Path validation: Ensures deletions only occur within designated directories
Job ownership verification: Confirms files belong to the job being cleaned
Database integrity: Uses transactions to prevent partial updates
Audit logging: Tracks all cleanup operations for accountability

Safe Deletion¶

The cleanup process includes safeguards:

def cleanup_job_data(self, job: Dict, keep_job_config: bool = True):
    """Clean up job data with safety checks"""

    # Validate job ID format
    if not re.match(r'^job-\d{8}-\d{6}$', job['id']):
        raise ValueError(f"Invalid job ID format: {job['id']}")

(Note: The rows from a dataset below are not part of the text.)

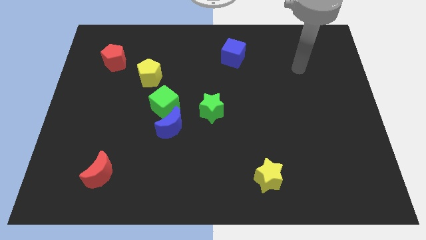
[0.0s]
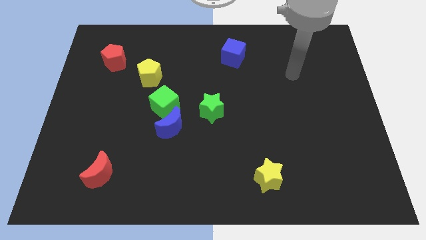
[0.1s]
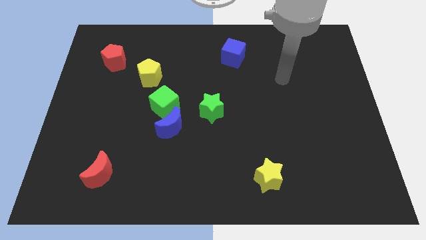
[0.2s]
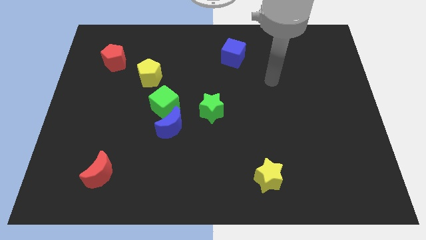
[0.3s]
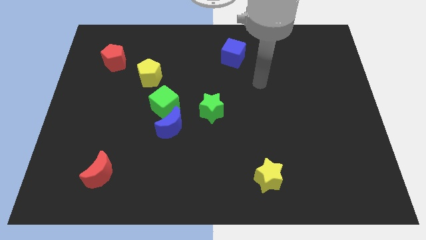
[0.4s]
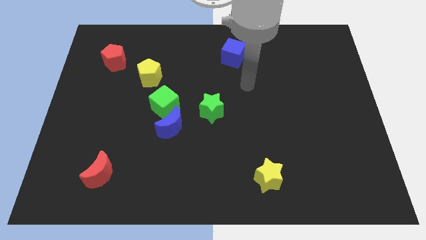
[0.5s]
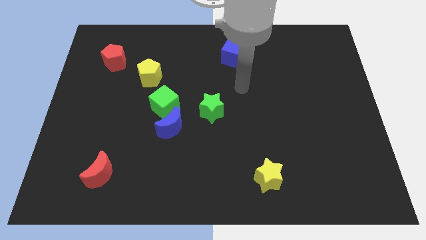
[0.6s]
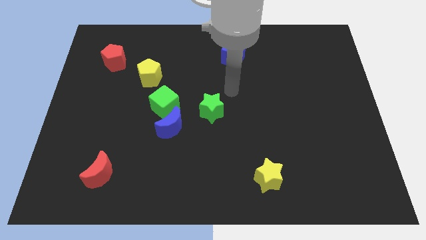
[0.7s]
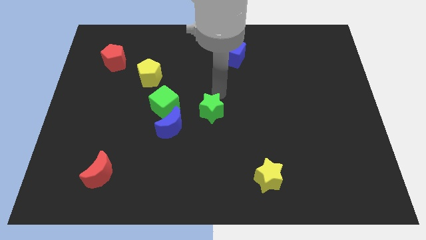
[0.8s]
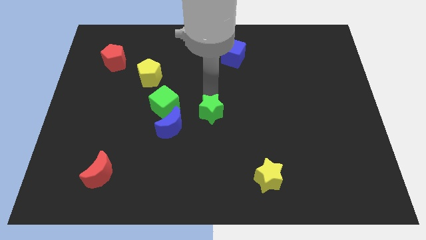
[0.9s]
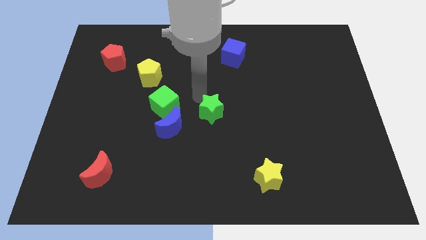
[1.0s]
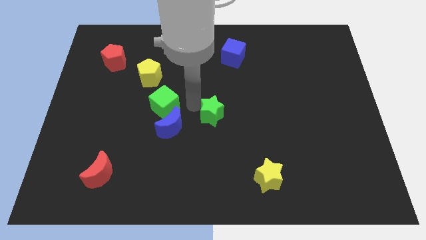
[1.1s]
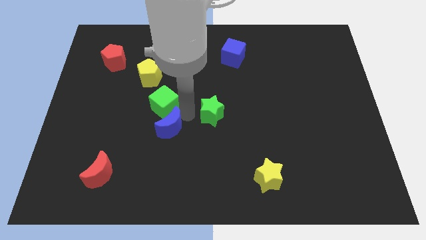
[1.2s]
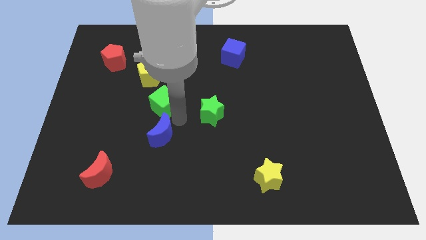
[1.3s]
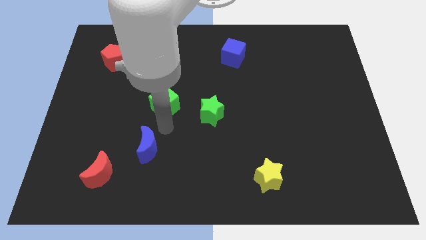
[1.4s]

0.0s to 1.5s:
move the green cube away from the blue moon

    # Verify paths are within allowed directories
    results_path = self.results_dir / job['id']
    if not str(results_path).startswith(str(self.results_dir)):
        raise ValueError(f"Results path outside allowed directory")

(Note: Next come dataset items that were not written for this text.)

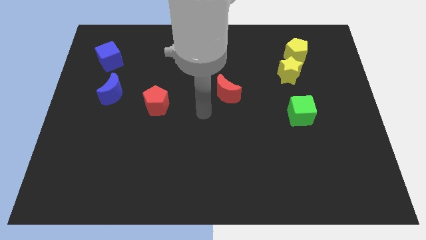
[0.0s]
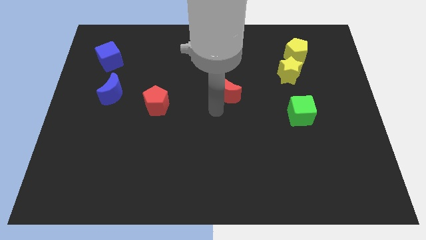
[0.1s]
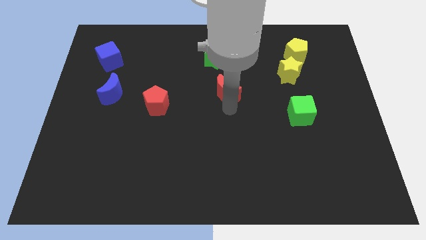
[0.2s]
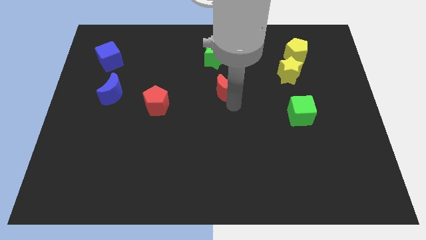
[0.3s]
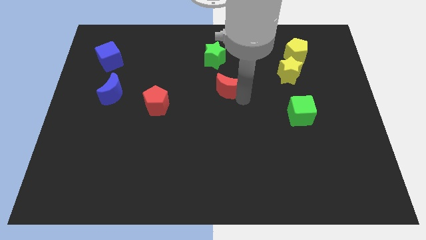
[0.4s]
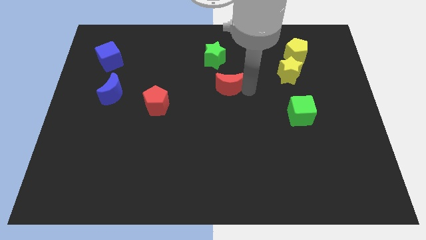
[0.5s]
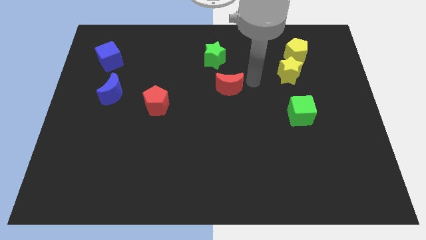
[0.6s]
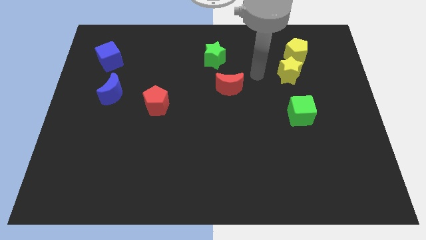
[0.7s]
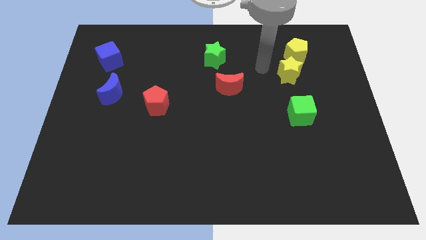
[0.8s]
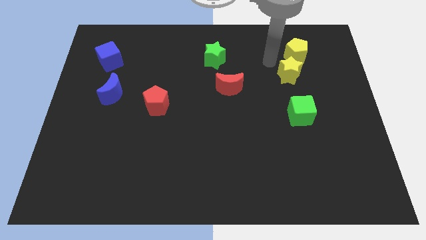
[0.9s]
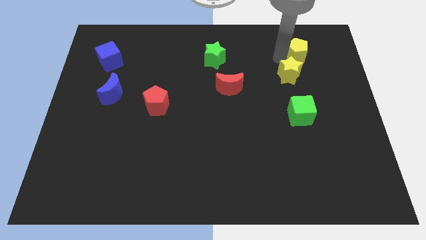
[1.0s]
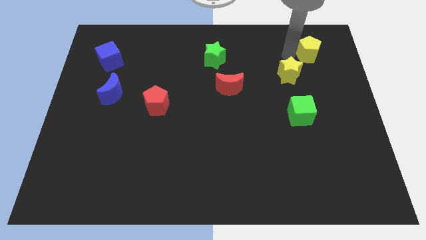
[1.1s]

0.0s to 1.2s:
separate the yellow star from the yellow pentagon

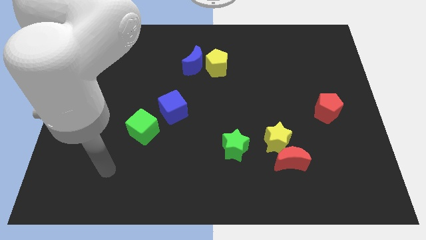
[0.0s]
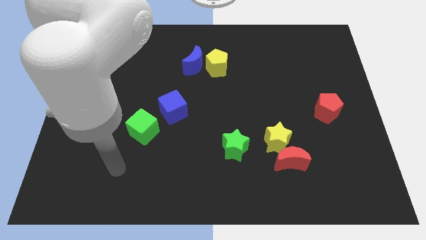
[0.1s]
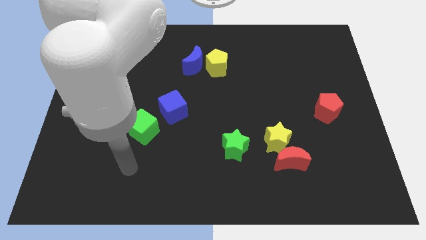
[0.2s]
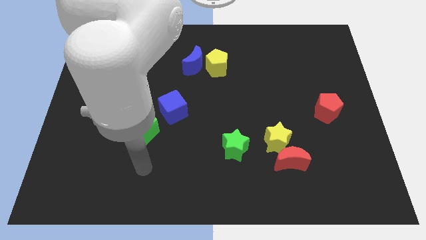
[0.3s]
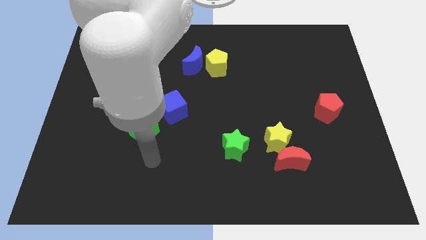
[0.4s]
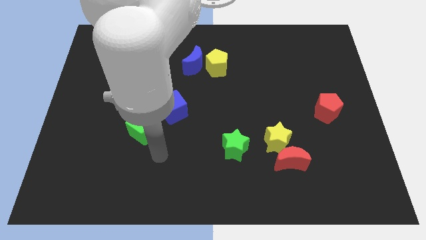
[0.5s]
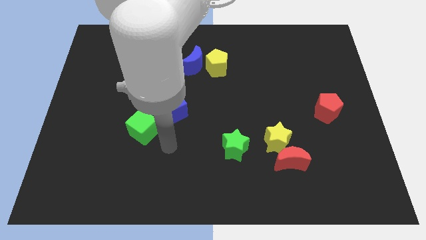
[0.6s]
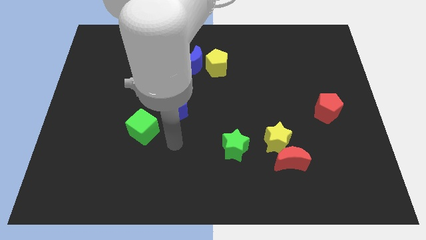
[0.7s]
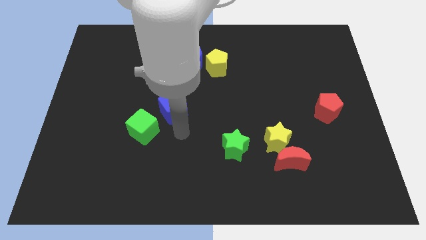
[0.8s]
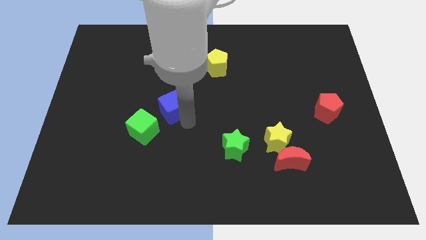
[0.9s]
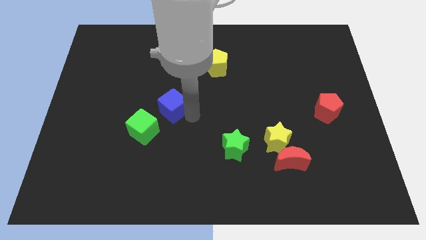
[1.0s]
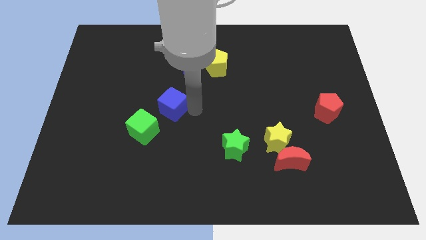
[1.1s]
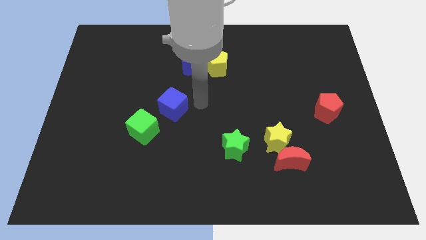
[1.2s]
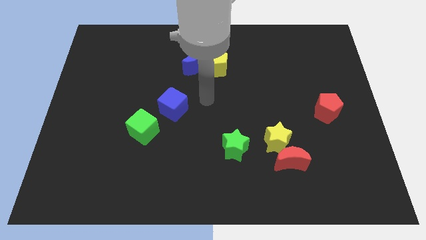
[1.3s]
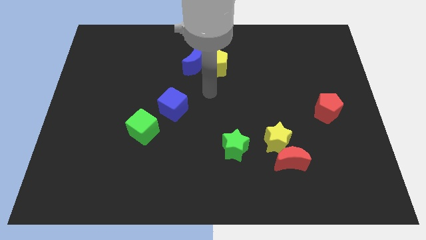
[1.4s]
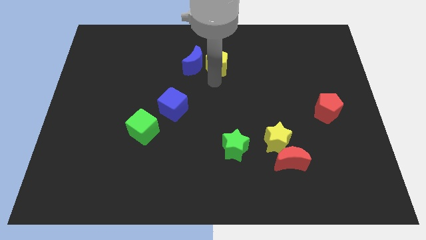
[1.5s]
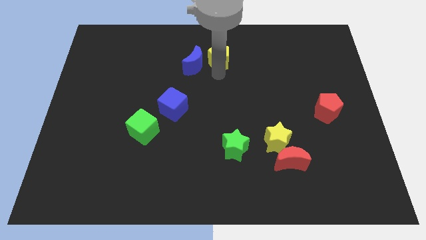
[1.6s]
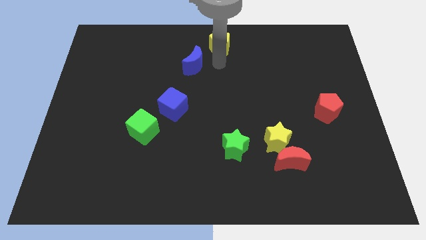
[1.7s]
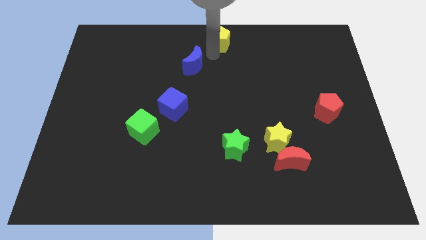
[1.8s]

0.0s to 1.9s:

    # Perform deletion with error handling
    try:
        if results_path.exists():
            shutil.rmtree(results_path)
    except Exception as e:
        logger.error(f"Failed to delete {results_path}: {e}")
        raise

Troubleshooting¶

Common Issues¶

Permission Denied
Check file ownership: ls -la uploads/ results/
Fix permissions: chmod -R 755 uploads/ results/
Database Locked
Check for concurrent access: fuser jobs.db
Wait for operations to complete or restart services
Disk Space Not Freed
Verify deletion: du -sh results/job-*
Check for open file handles: lsof | grep results
Force filesystem sync: sync
Cleanup Not Running
Check cron: crontab -l and grep CRON /var/log/syslog
Check systemd: systemctl --user status eemt-cleanup.timer

Debug Mode¶

Enable detailed debugging:

# Maximum verbosity
export EEMT_CLEANUP_LOG_LEVEL=DEBUG
python cleanup_jobs.py --verbose --dry-run

# Debug output includes:
# - SQL queries executed
# - Files and directories examined
# - Size calculations
# - Decision logic for each job

Best Practices¶

Test with dry-run first: Always preview cleanup actions before production use
Monitor disk usage: Set up alerts for high disk usage
Backup critical data: Archive important results before retention period expires
Regular monitoring: Check cleanup logs and summaries weekly
Adjust retention as needed: Modify periods based on usage patterns
Document changes: Log any modifications to retention policies

Summary¶

The EEMT job data cleanup system provides automated, configurable management of job data lifecycle. It balances disk space efficiency with data preservation needs, ensuring system performance while maintaining important job metadata for analysis and auditing. The flexible architecture supports various deployment scenarios from single-node installations to distributed container orchestrations.